- What this task involves: Which lines run from the line with "གྲོ་ཚང་རྒྱུད་པ་ཚང་། ཅོ་སྣེ་མཁན་རིན་པོ་ཆེ། ཨན་འཇའ་སུ་མཁན་" through the line with "ཆེན༑ ཆུ་དཀར་རིན་པོ་ཆེ། ཆུ་རུལ་ཁ་མཁན་ཆེན།" in the entries below? Print them exactly, both ends included, and nothing more.

===============

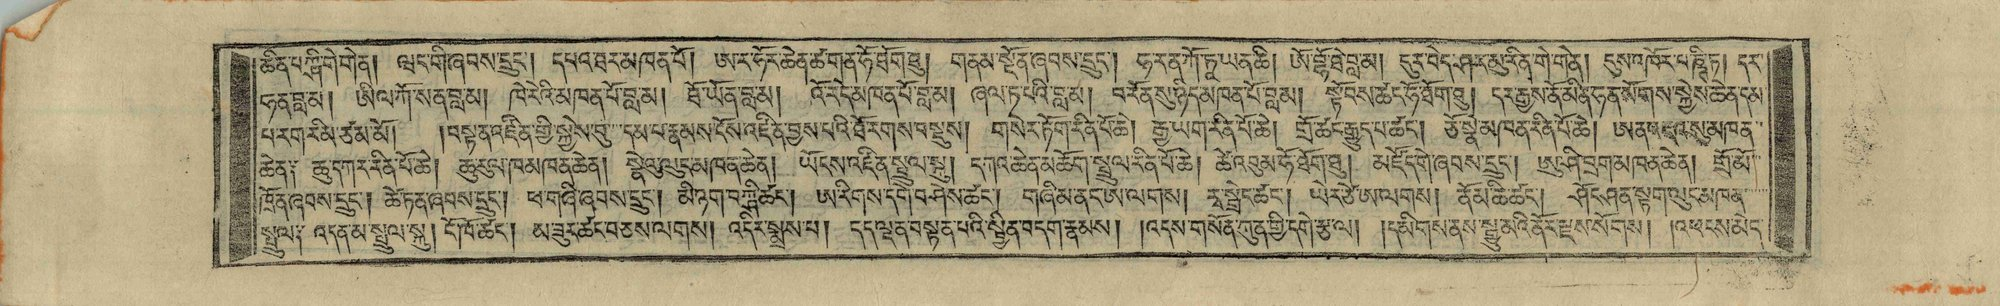ཆིན་པཀྴི་གེ་གེན། ཝང་གི་ཞབས་དྲུང་། དཔའ་ཐར་མཁན་པོ། ཨ་ར་ཧོར་ཆེན་ཚ་གན་ཧོ་ཐོག་ཐུ། གནམ་སྔོན་ཞབས་དྲུང་། ཧ་རན་ཀོ་ཏཱ་ཡན་ཆི། ཨོ་བྷོ་ཐེ་བླ་མ། དུར་བདེ་ཤར་མུ་རིན་གེ་གེན། དུས་འཁོར་པཎྚི་ཏ། དར་
ཧན་བླ་མ། ཨིལ་ཀོ་སན་བླ་མ། ཁེ་རེའི་མཁན་པོ་བླ་མ། ཐོ་ཡོན་བླ་མ། འོ་རེད་མཁན་པོ་བླ་མ། ཞལ་ཏ་པའི་བླ་མ། བ་རོན་སུ་ཉིད་མཁན་པོ་བླ་མ། སྟོབས་ཚང་ཧོ་ཐོག་ཐུ། དར་རྒྱས་ནོ་མིན་ཧན་སོགས་སྐྱེས་ཆེན་དམ་
པ་རག་རིམ་ཙམ་མོ། །བསྟན་འཛིན་གྱི་སྐྱེས་བུ་དམ་པ་རྣམས་ངོས་འཛིན་བྱས་པའི་ཐོ་རགས་བསྡུས། གསེར་ཏོག་རིན་པོ་ཆེ། རྒྱ་ཡག་རིན་པོ་ཆེ། གྲོ་ཚང་རྒྱུད་པ་ཚང་། ཅོ་སྣེ་མཁན་རིན་པོ་ཆེ། ཨན་འཇའ་སུ་མཁན་
ཆེན༑ ཆུ་དཀར་རིན་པོ་ཆེ། ཆུ་རུལ་ཁ་མཁན་ཆེན། སྣེའུ་ལུང་མཁན་ཆེན། ཡོངས་འཛིན་སྤྲུལ་སྐུ། དཀའ་ཆེན་མཆོག་སྤྲུལ་རིན་པོ་ཆེ། ཚེ་འབུམ་ཧོ་ཐོག་ཐུ། མཛོད་གེ་ཞབས་དྲུང་། ཨུ་ཤི་བྲག་མཁན་ཆེན། གྲོ་མོ་
ཁྲོན་ཞབས་དྲུང་། ཚེ་ཏན་ཞབས་དྲུང་། ཕ་གཞི་ཞབས་དྲུང་། མི་ཉག་བཀྴི་ཚང་། ཨ་རིགས་དགེ་བཤེས་ཚང་། གཞི་མ་ནང་ཨ་ལགས། རྭ་སྒྲེང་ཚང་། ཡེར་ཙེ་ཨ་ལགས། ནོམ་ཆི་ཚང་། ཤོང་ཤན་སྟག་ལུང་མཁན་
སྤྲུལ༑ འདན་མ་སྤྲུལ་སྐུ། ངོ་ཁོ་ཚང་། མ་ཟུར་ཚང་བཅས་ལགས། འདིར་སྨྲས་པ། དད་ལྡན་བསྟན་པའི་སྦྱིན་བདག་རྣམས། །འདས་གསོན་ཀུན་གྱི་དགེ་རྩ་ལ། །དམིགས་ནས་སྒྱུ་མའི་ནོར་རྫས་སོགས། །འཕངས་མེད་

===============

- Response:
པ་རག་རིམ་ཙམ་མོ། །བསྟན་འཛིན་གྱི་སྐྱེས་བུ་དམ་པ་རྣམས་ངོས་འཛིན་བྱས་པའི་ཐོ་རགས་བསྡུས། གསེར་ཏོག་རིན་པོ་ཆེ། རྒྱ་ཡག་རིན་པོ་ཆེ། གྲོ་ཚང་རྒྱུད་པ་ཚང་། ཅོ་སྣེ་མཁན་རིན་པོ་ཆེ། ཨན་འཇའ་སུ་མཁན་
ཆེན༑ ཆུ་དཀར་རིན་པོ་ཆེ། ཆུ་རུལ་ཁ་མཁན་ཆེན། སྣེའུ་ལུང་མཁན་ཆེན། ཡོངས་འཛིན་སྤྲུལ་སྐུ། དཀའ་ཆེན་མཆོག་སྤྲུལ་རིན་པོ་ཆེ། ཚེ་འབུམ་ཧོ་ཐོག་ཐུ། མཛོད་གེ་ཞབས་དྲུང་། ཨུ་ཤི་བྲག་མཁན་ཆེན། གྲོ་མོ་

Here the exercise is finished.